Restate every line of the data word for word, except for the images.
----------------------------------------
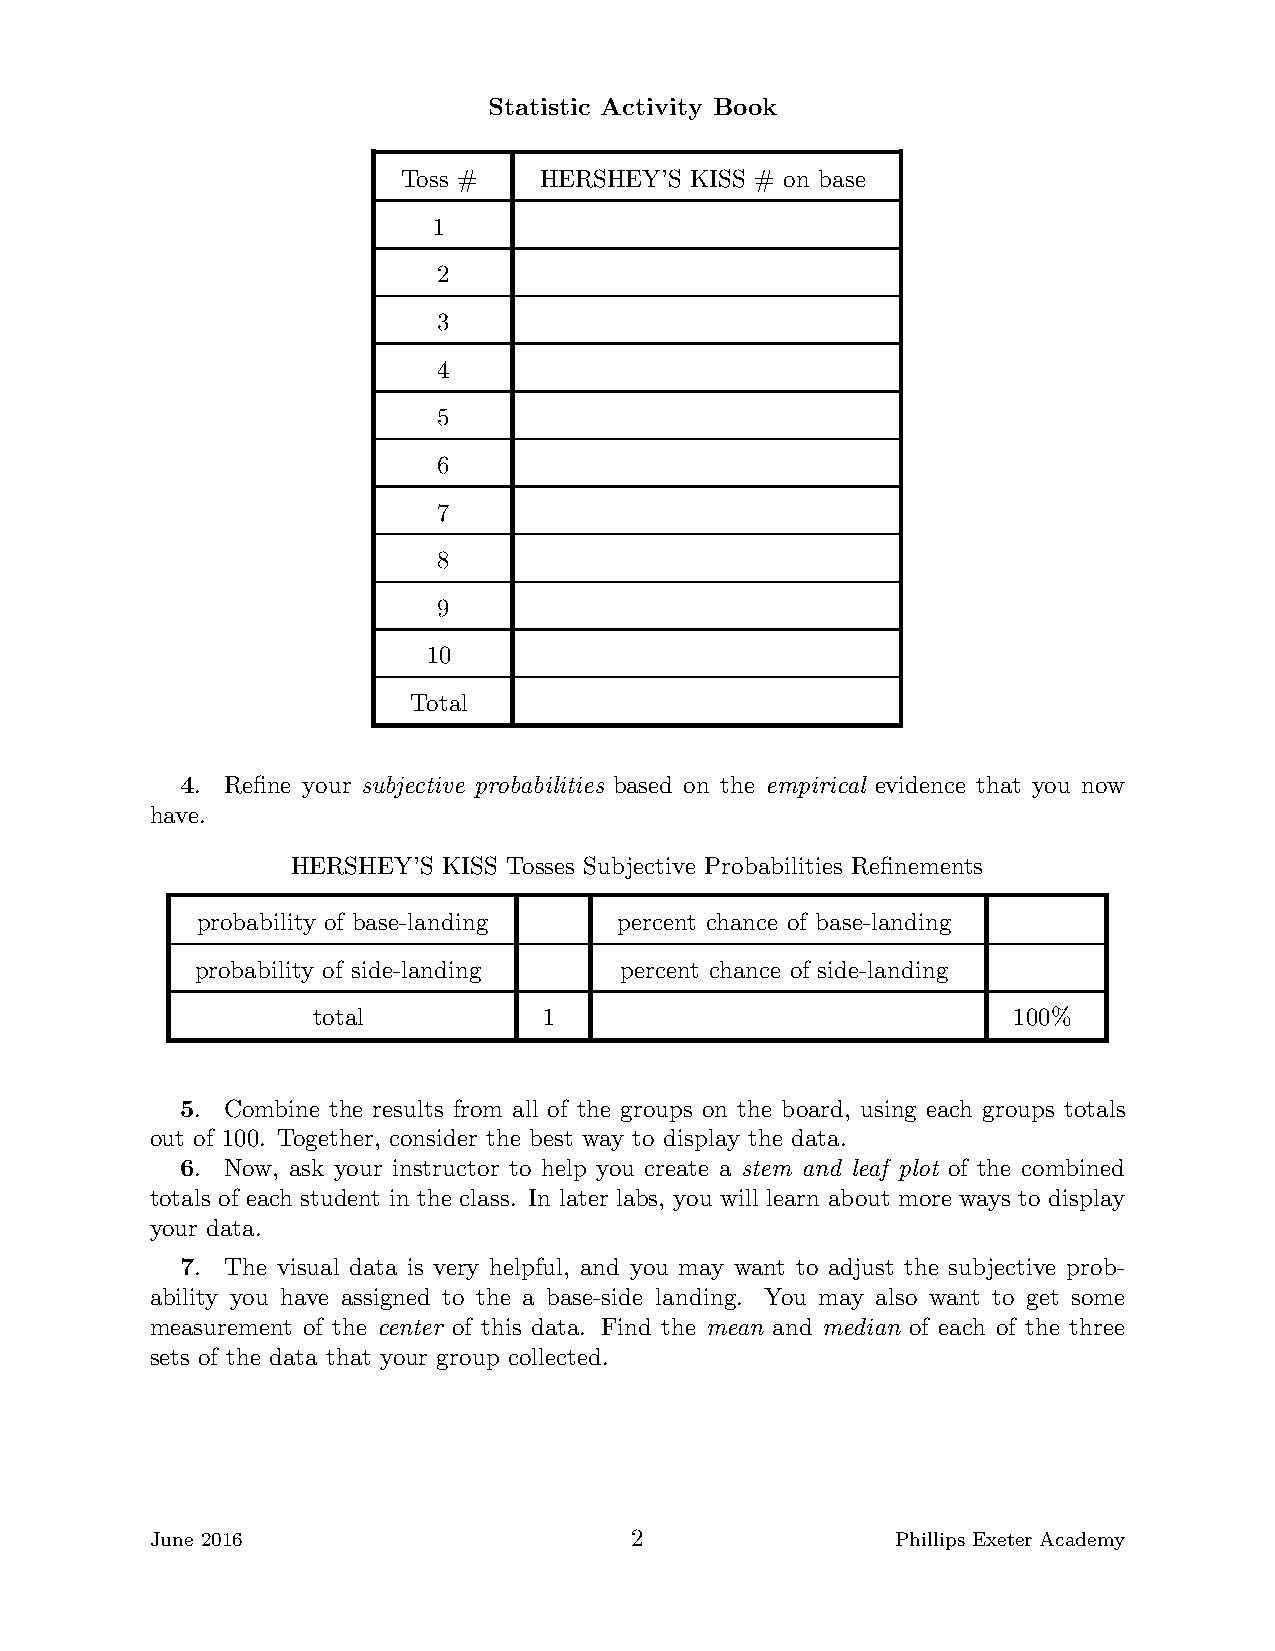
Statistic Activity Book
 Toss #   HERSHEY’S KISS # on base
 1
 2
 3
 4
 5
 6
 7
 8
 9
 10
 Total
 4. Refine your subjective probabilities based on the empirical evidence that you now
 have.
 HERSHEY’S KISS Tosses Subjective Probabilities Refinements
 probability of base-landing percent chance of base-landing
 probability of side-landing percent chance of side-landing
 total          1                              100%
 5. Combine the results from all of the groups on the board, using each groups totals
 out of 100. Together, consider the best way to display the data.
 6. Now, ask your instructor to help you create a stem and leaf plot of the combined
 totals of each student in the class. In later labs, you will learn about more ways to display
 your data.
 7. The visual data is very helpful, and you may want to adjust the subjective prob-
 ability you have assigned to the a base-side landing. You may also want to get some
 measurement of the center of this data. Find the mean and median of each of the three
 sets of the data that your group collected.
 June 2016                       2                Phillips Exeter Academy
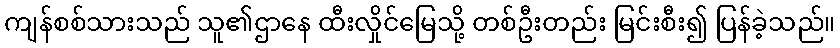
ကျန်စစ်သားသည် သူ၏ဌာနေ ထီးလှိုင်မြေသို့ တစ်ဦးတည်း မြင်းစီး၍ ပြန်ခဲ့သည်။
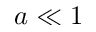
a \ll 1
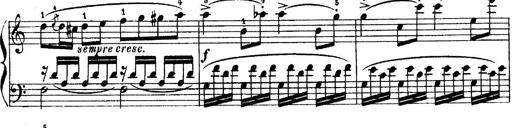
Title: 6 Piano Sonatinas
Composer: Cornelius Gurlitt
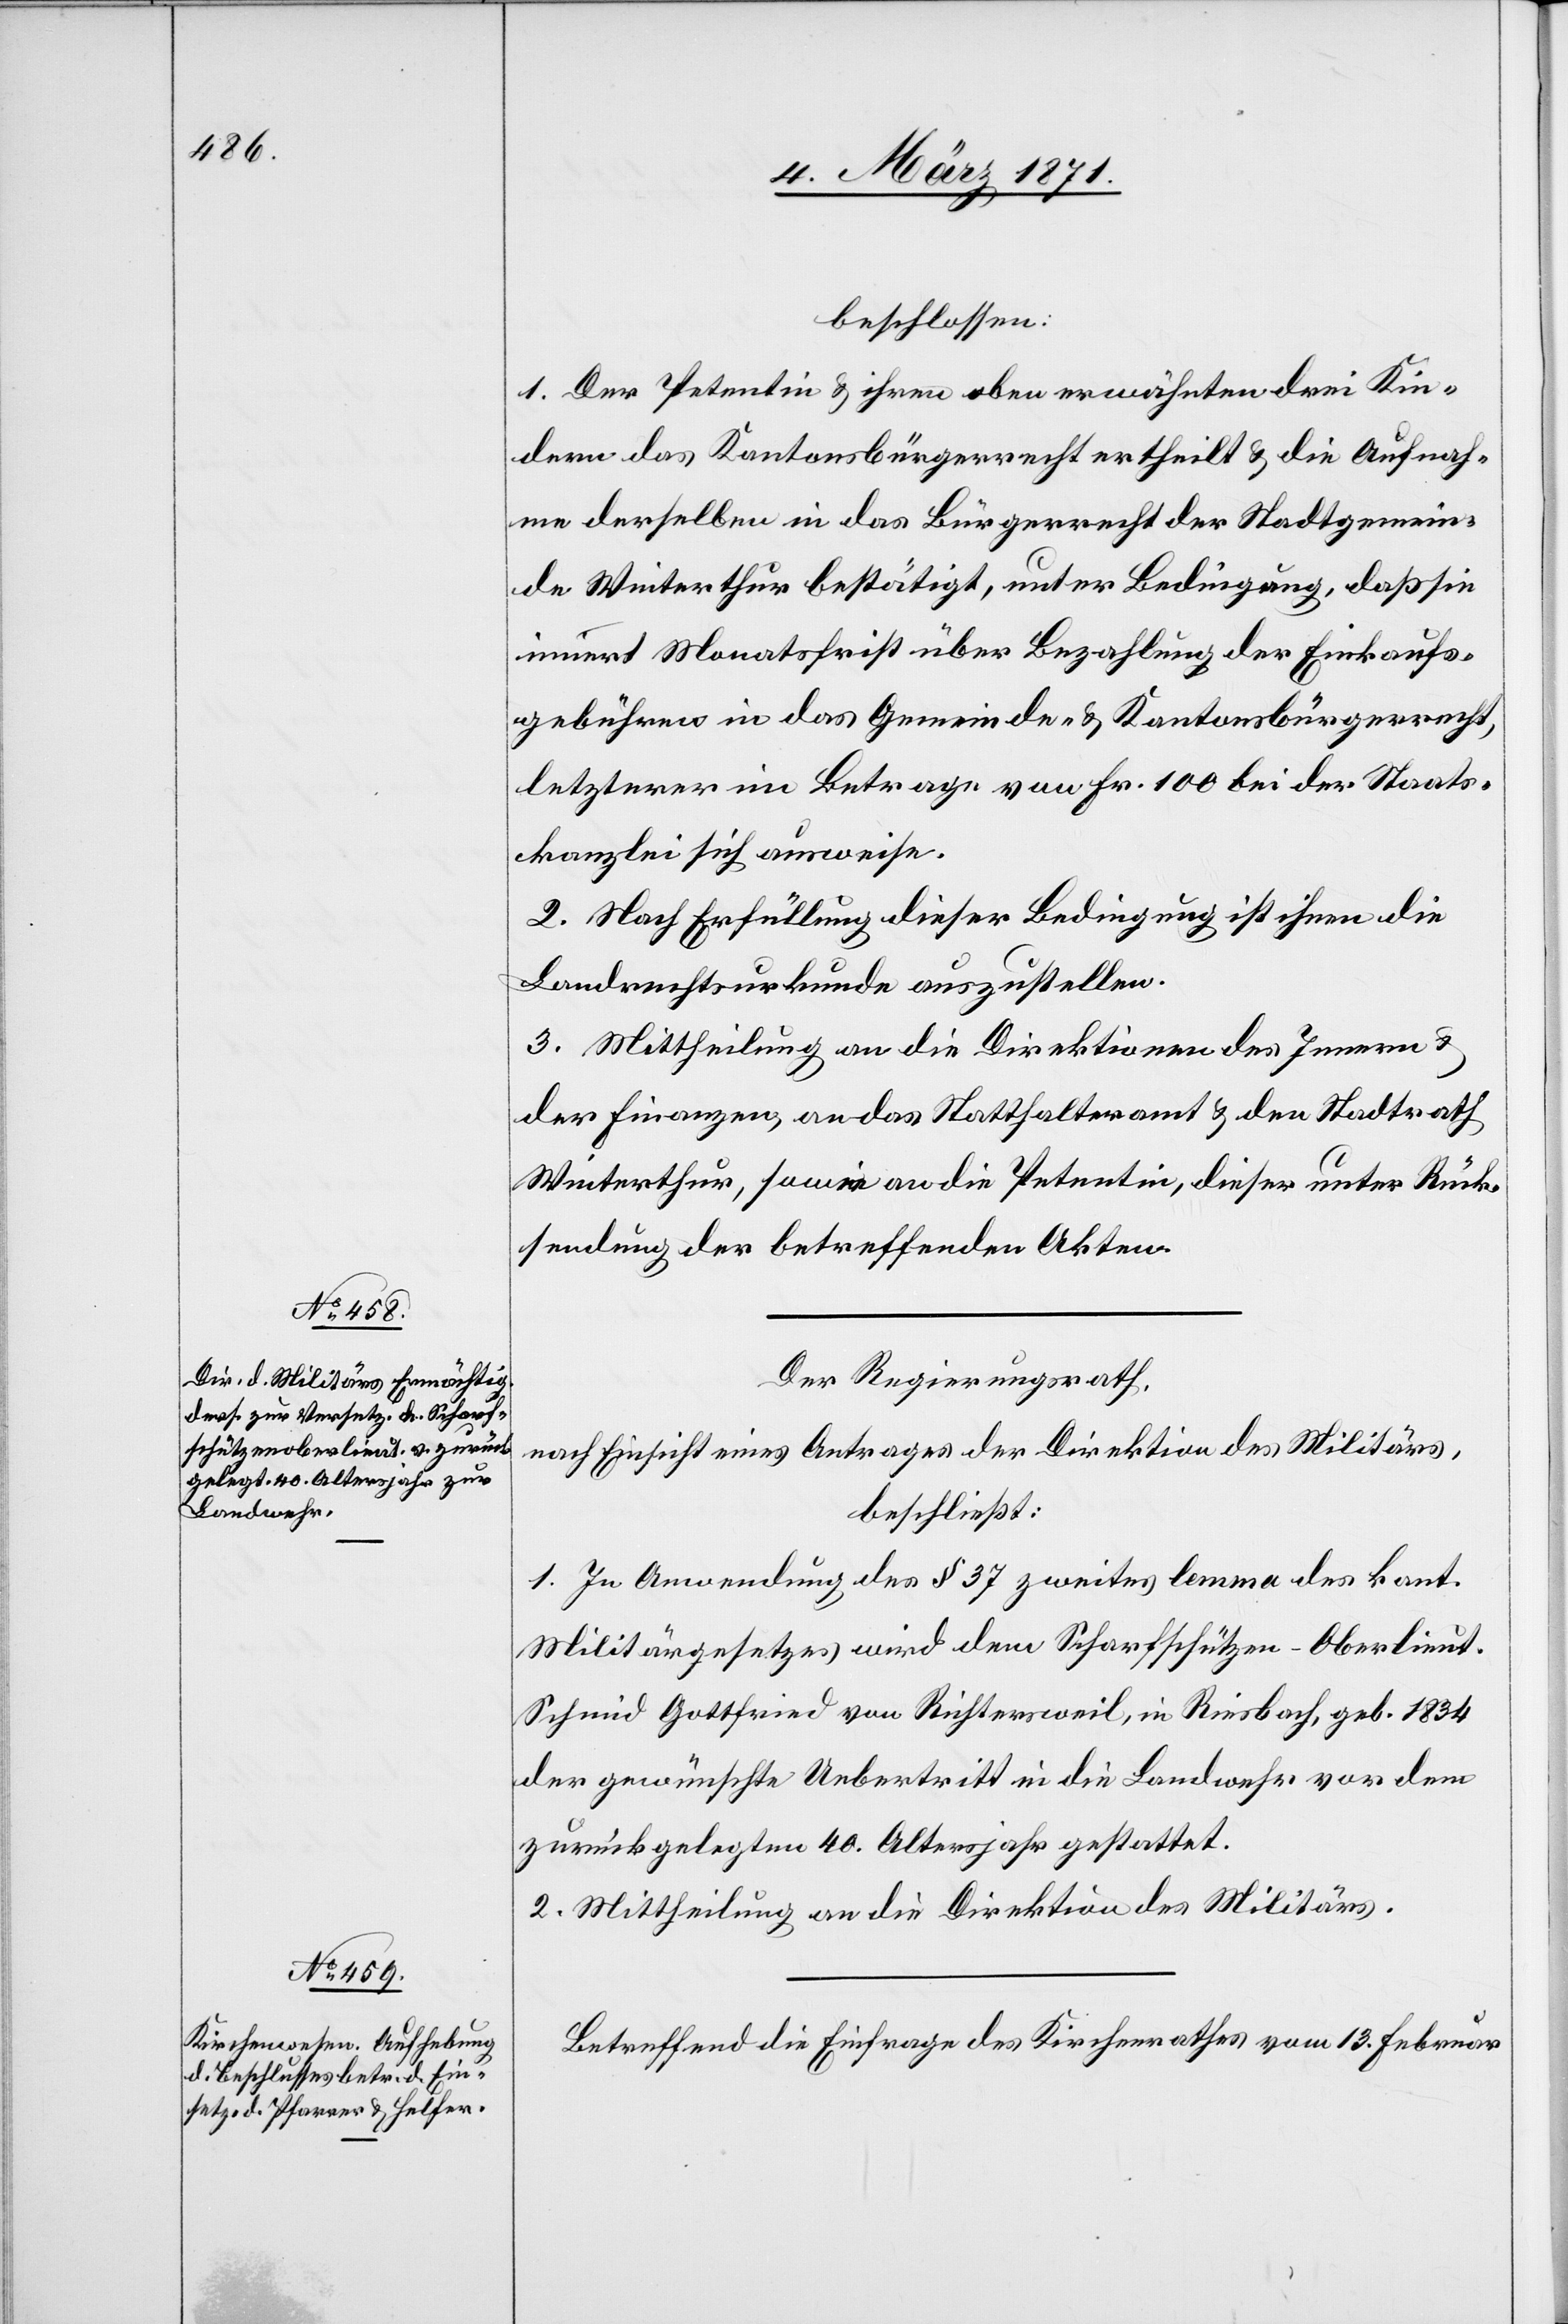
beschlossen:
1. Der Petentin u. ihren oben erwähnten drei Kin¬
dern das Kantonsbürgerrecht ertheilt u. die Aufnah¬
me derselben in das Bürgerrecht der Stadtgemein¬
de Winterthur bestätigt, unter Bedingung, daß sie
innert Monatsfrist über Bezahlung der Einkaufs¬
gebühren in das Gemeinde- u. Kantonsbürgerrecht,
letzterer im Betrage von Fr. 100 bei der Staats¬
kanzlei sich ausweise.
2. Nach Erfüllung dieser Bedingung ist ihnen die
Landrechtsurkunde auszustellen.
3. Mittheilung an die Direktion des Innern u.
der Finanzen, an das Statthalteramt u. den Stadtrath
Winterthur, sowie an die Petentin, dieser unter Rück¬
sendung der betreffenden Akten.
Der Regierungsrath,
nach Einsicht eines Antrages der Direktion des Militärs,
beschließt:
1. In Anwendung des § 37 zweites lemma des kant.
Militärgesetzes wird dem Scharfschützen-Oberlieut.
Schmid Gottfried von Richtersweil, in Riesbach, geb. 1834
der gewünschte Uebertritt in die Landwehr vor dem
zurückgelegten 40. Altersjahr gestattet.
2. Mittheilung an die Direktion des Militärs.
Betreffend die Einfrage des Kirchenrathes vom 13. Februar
----------------------------------------
* [Response to the task]:
Statistic Activity Book
 Toss #   HERSHEY’S KISS # on base
 1
 2
 3
 4
 5
 6
 7
 8
 9
 10
 Total
 4. Refine your subjective probabilities based on the empirical evidence that you now
 have.
 HERSHEY’S KISS Tosses Subjective Probabilities Refinements
 probability of base-landing percent chance of base-landing
 probability of side-landing percent chance of side-landing
 total          1                              100%
 5. Combine the results from all of the groups on the board, using each groups totals
 out of 100. Together, consider the best way to display the data.
 6. Now, ask your instructor to help you create a stem and leaf plot of the combined
 totals of each student in the class. In later labs, you will learn about more ways to display
 your data.
 7. The visual data is very helpful, and you may want to adjust the subjective prob-
 ability you have assigned to the a base-side landing. You may also want to get some
 measurement of the center of this data. Find the mean and median of each of the three
 sets of the data that your group collected.
 June 2016                       2                Phillips Exeter Academy
ကျန်စစ်သားသည် သူ၏ဌာနေ ထီးလှိုင်မြေသို့ တစ်ဦးတည်း မြင်းစီး၍ ပြန်ခဲ့သည်။
a \ll 1
Title: 6 Piano Sonatinas
Composer: Cornelius Gurlitt
beschlossen:
1. Der Petentin u. ihren oben erwähnten drei Kin¬
dern das Kantonsbürgerrecht ertheilt u. die Aufnah¬
me derselben in das Bürgerrecht der Stadtgemein¬
de Winterthur bestätigt, unter Bedingung, daß sie
innert Monatsfrist über Bezahlung der Einkaufs¬
gebühren in das Gemeinde- u. Kantonsbürgerrecht,
letzterer im Betrage von Fr. 100 bei der Staats¬
kanzlei sich ausweise.
2. Nach Erfüllung dieser Bedingung ist ihnen die
Landrechtsurkunde auszustellen.
3. Mittheilung an die Direktion des Innern u.
der Finanzen, an das Statthalteramt u. den Stadtrath
Winterthur, sowie an die Petentin, dieser unter Rück¬
sendung der betreffenden Akten.
Der Regierungsrath,
nach Einsicht eines Antrages der Direktion des Militärs,
beschließt:
1. In Anwendung des § 37 zweites lemma des kant.
Militärgesetzes wird dem Scharfschützen-Oberlieut.
Schmid Gottfried von Richtersweil, in Riesbach, geb. 1834
der gewünschte Uebertritt in die Landwehr vor dem
zurückgelegten 40. Altersjahr gestattet.
2. Mittheilung an die Direktion des Militärs.
Betreffend die Einfrage des Kirchenrathes vom 13. Februar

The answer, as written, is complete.